Note that the first line in each file is a header (i.e., lists the column names), so data starts from the second line.
Questions
The question that we are trying to answer is whether the 2021 winter has been unusually mild (short and/or warm). To arrive at any kind of answer, you first need to make the question more precise:
- What is “winter” in Canberra? Traditionally, winter is said to be the months of June, July and August.
- How “cold” has the winter been? You could count the number of nights with sub-zero temperature (in each month or over the whole winter), or you could compute an average (of the minimum, or of the maximum, or of the two combined somehow).
- How “long” has the winter been? You could compare the aggregate values (however you define them) between the three months.
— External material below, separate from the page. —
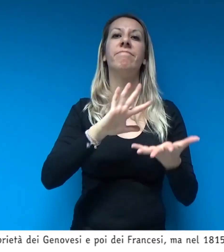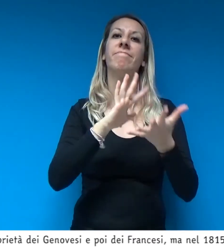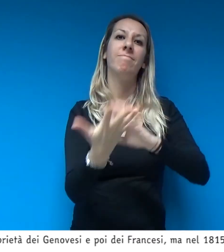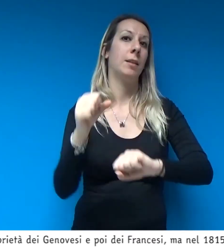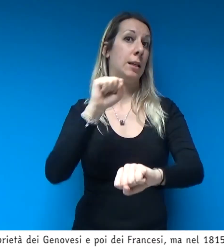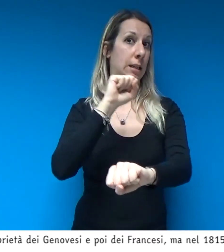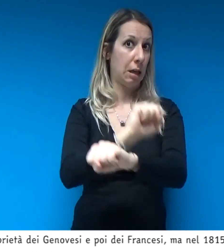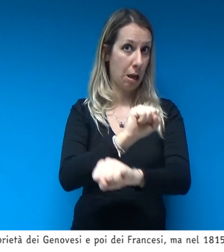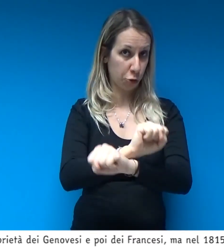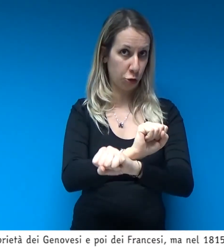diventa un carcere.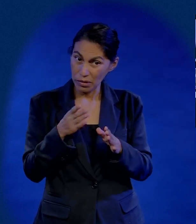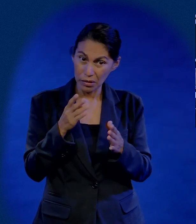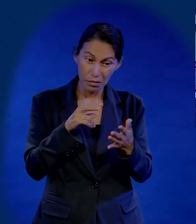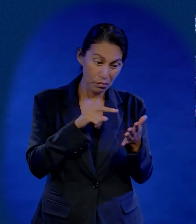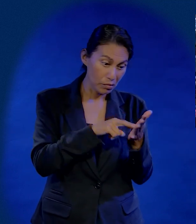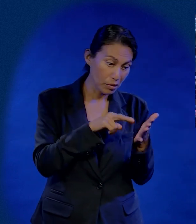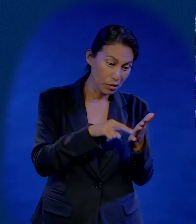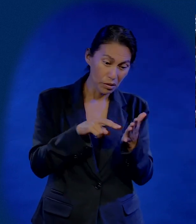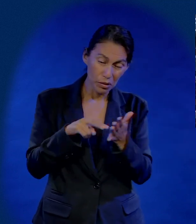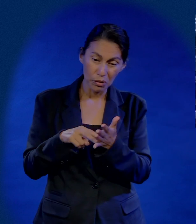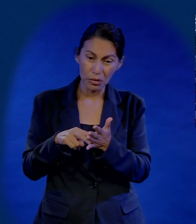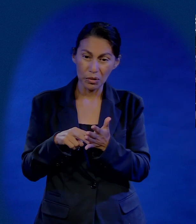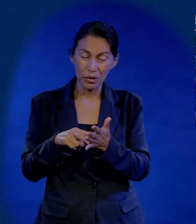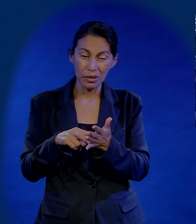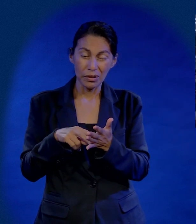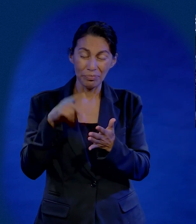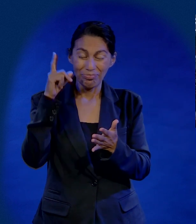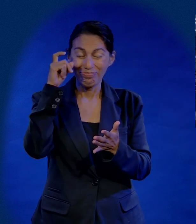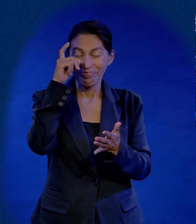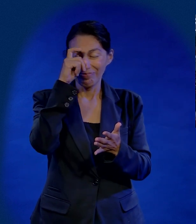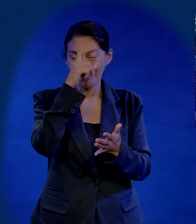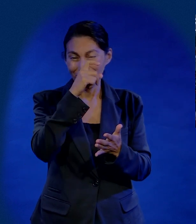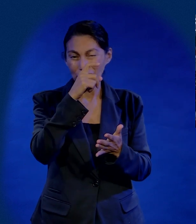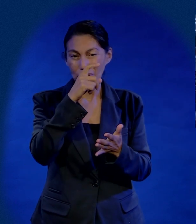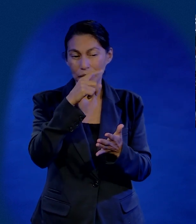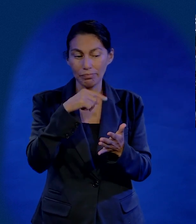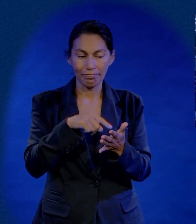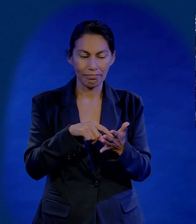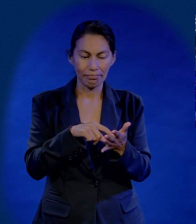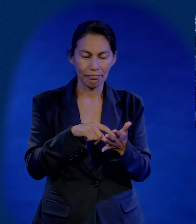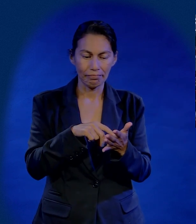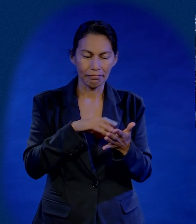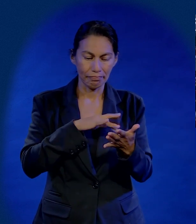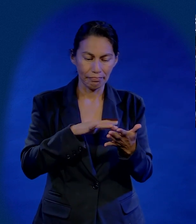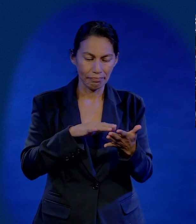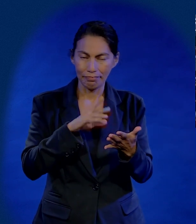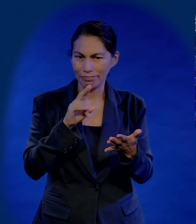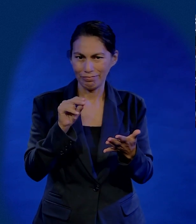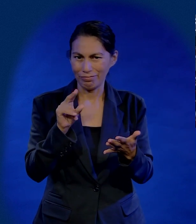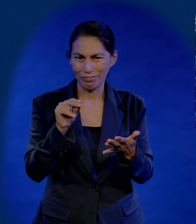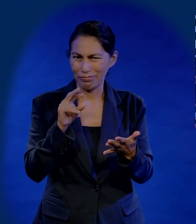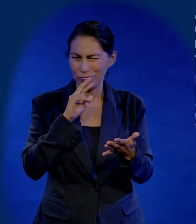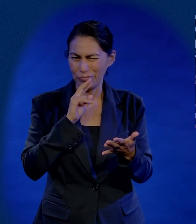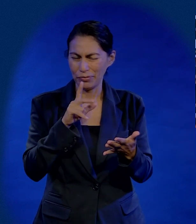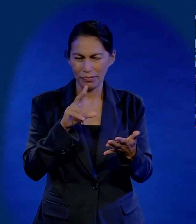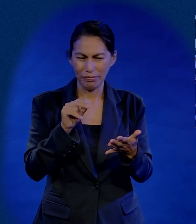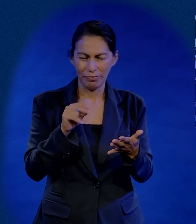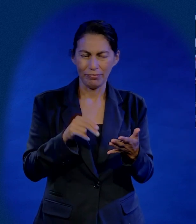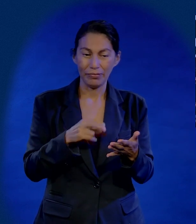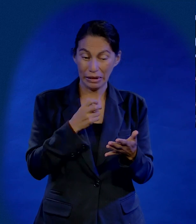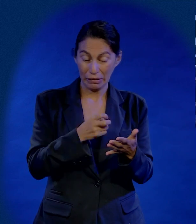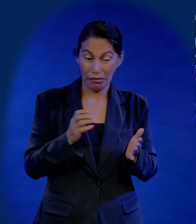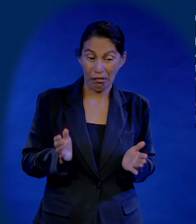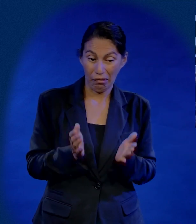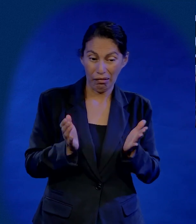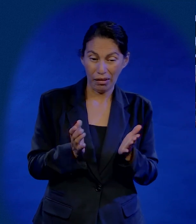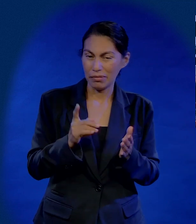encontraba textos en la Biblia, algo duros, que yo me brincaba por mucho tiempo. Como que esos

For example, is the August average minimum temperature significantly higher or lower than what it was in July?
- Is this “unusual”? With more than 10 years of data, you can see how the 2021 values (however you define them) rank compared to other years. Is it the shortest or warmest winter among the last ten?
Testing
Although there may not be a single, right answer to the questions above, there are many answers that are clearly wrong. How do you convince yourself, and others, that your code is correct when no one has given you a solution to check against and the problem has not been precisely specified? There are a number of ways:
-
First, define precisely what each part of your code should be doing. For example, if you write a function to count the number of nights with sub-zero temperature in a given month of a given year, then the value that this function should return is unambiguous, and you can check if it works correctly by counting a few cases by hand.
-
Second, sanity check! The count returned by the function in the example above should never be negative and never greater than the number of days in the month.
-
Third, cross-check. You can implement the same function in several different ways, or different functions that have a known relationship. For example, if you write a function to count the number of nights with sub-zero temperature in a given month of a given year, and another function to count the number of nights with a lowest temperature that is above zero in a given month of a given year, then the sum of the two counts should equal the number of days in that month. (Remember to adjust for leap years if the month is February!)
-
Fourth, ask someone else to look critically at your code, while you do the same with theirs. Ask them to try to find cases where it could fail, or give the wrong answer. After practicing this on someone else’s code, try it with your own. (What happens if the first or last night of the month has negative temperature? What if there is no record for some nights?)
Using Pandas DataFrame#
The best library to analyse data in csv file format is the Pandas DataFrame class, which builds on the numpy array class.
Unlike a numpy array which is homogeneous i.e. same data type for all columns, a DataFrame suports separate types for each column, so both categorical and numerical variables can be read in and processed. Read in a csv file as follows:
import pandas as pd df = pd.read_csv(‘filename.csv’, header=0)
header is 0 indicates column names are given in row 0, as is typically the case for csv files
df.head() # show first rows and column names
See lecture notes for additional examples on indexing DataFrames.